Le projet de construction du Groupe Château Bellevue se bute à la découverte d’une contamination supplémentaire.

Une mauvaise surprise pour la Ville de Shawinigan

Shawinigan —Une mauvaise surprise attendait la Ville de Shawinigan dans le cadre des travaux de réhabilitation environnementale d’un lot situé sur la 9e Rue de la Pointe, dans le cadre du projet de construction du Groupe Château Bellevue. À la suite de la découverte d’une contamination supplémentaire, l’entrepreneur a réclamé un surplus au contrat de 337 782 $, ce qui entraîne une charge imprévue de 55 % par rapport au montant initial.

En janvier dernier, le conseil municipal avait accordé un contrat de 608 541 $ à Entreprises G.N.P. de Victoriaville pour la réhabilitation environnementale de ce lot.

«En travaillant, on s’est rendu compte qu’il y en avait plus que prévu», explique Gaétan Béchard, directeur général de la Ville de Shawinigan.

«Notre consultant avait fait des sondages sur une couche d’argile, mais celle-ci avait servi à couvrir d’autres matériaux, ce que nous avons découvert en creusant. Il fallait donc traiter un volume supplémentaire et selon les tarifs prévus au contrat, nous en sommes venus à ce montant pour sortir le matériel du trou afin que le terrain soit jugé décontaminé et propre à la construction.»

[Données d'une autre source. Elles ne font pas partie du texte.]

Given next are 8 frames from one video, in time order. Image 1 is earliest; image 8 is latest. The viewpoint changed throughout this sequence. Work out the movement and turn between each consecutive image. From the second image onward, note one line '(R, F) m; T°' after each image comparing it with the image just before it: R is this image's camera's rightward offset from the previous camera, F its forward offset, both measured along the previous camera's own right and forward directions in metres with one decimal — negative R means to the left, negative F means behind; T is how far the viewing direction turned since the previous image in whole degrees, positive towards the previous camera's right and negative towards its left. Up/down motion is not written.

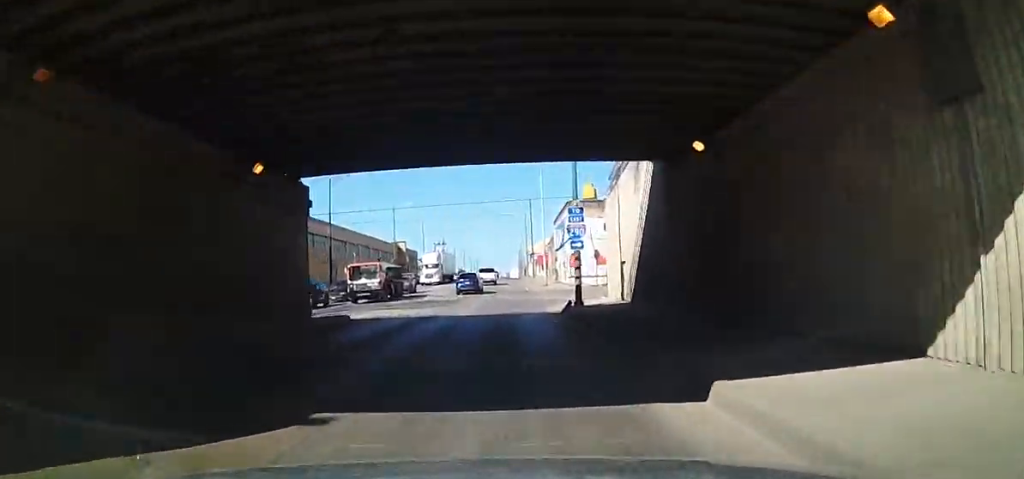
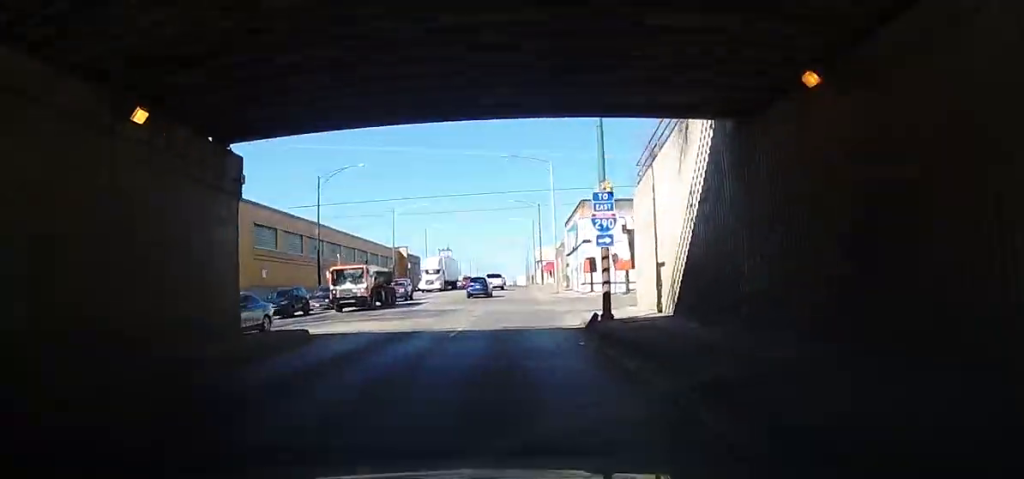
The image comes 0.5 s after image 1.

Malgré cet imprévu, M. Béchard mentionne que le budget pour ces travaux demeure respecté.

En novembre 2015, le conseil municipal avait adopté un règlement d’emprunt de 5,092 millions $ pour les travaux de décontamination sur cinq terrains. Un an plus tard, l’emprunt était revu à 2,228 millions $ lorsque les élus avaient décidé de suspendre trois des projets prévus. Celui dans le secteur de la rue Broadway et de la 9e Rue de la Pointe faisait partie des deux chantiers maintenus. De ce côté, un budget de 1,388 million $ avait été adopté.

Pour éviter tout retard au projet de résidence du Groupe Château Bellevue, les élus ont organisé une séance extraordinaire le 19 mars pour adopter cette modification au contrat, même si une autre assemblée est prévue pas plus tard que le 26 mars.

En effet, le chantier était paralysé tant que l’entreprise n’avait pas obtenu la confirmation que le conseil acceptait l’ajout au contrat.